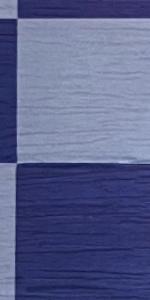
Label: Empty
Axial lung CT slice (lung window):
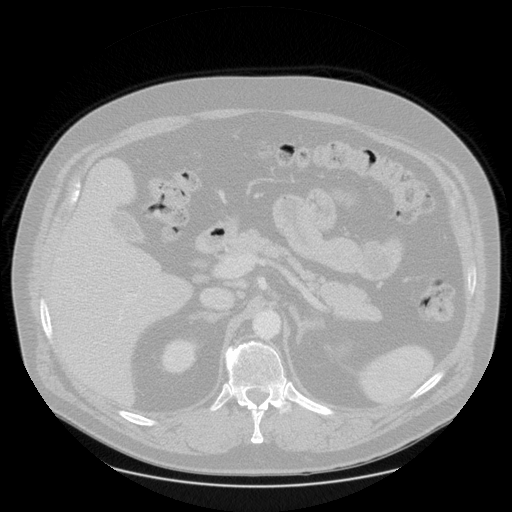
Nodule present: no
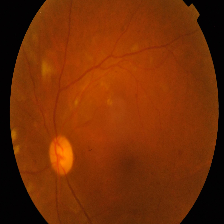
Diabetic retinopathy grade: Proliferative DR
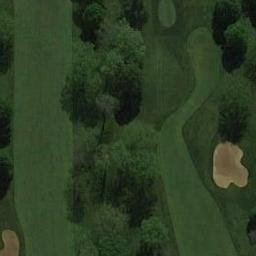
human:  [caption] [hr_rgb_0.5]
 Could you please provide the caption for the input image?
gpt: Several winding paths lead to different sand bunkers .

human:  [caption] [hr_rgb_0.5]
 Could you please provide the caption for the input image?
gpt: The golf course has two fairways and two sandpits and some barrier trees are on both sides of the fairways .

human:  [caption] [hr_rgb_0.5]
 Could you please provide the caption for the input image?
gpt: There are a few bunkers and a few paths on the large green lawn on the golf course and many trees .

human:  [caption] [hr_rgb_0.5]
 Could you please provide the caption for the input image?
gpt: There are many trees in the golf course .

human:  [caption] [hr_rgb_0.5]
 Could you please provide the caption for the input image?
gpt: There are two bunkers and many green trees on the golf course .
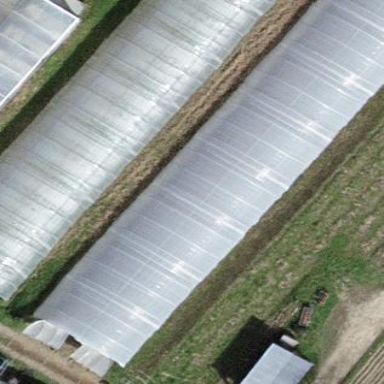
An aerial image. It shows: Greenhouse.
━━━━━━━━━━━━━━━━
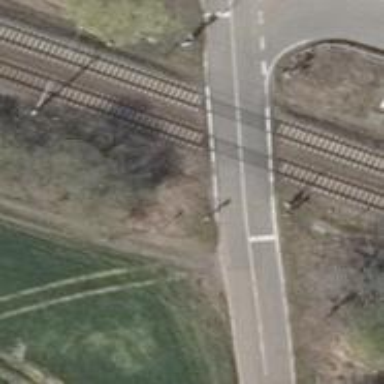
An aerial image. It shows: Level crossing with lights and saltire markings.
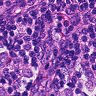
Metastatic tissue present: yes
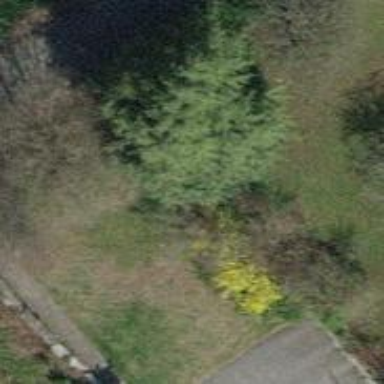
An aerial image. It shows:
━━━━━━━━━━━━━━━━
# [Your objective]
Please output the lines above beginning at the line with "Axial lung CT" and ending after the line with "An aerial image. It shows: Greenhouse.", precisely as written and with no pictures.

# [Response for this exercise]
Axial lung CT slice (lung window):
Nodule present: no
Diabetic retinopathy grade: Proliferative DR
human:  [caption] [hr_rgb_0.5]
 Could you please provide the caption for the input image?
gpt: Several winding paths lead to different sand bunkers .

human:  [caption] [hr_rgb_0.5]
 Could you please provide the caption for the input image?
gpt: The golf course has two fairways and two sandpits and some barrier trees are on both sides of the fairways .

human:  [caption] [hr_rgb_0.5]
 Could you please provide the caption for the input image?
gpt: There are a few bunkers and a few paths on the large green lawn on the golf course and many trees .

human:  [caption] [hr_rgb_0.5]
 Could you please provide the caption for the input image?
gpt: There are many trees in the golf course .

human:  [caption] [hr_rgb_0.5]
 Could you please provide the caption for the input image?
gpt: There are two bunkers and many green trees on the golf course .
An aerial image. It shows: Greenhouse.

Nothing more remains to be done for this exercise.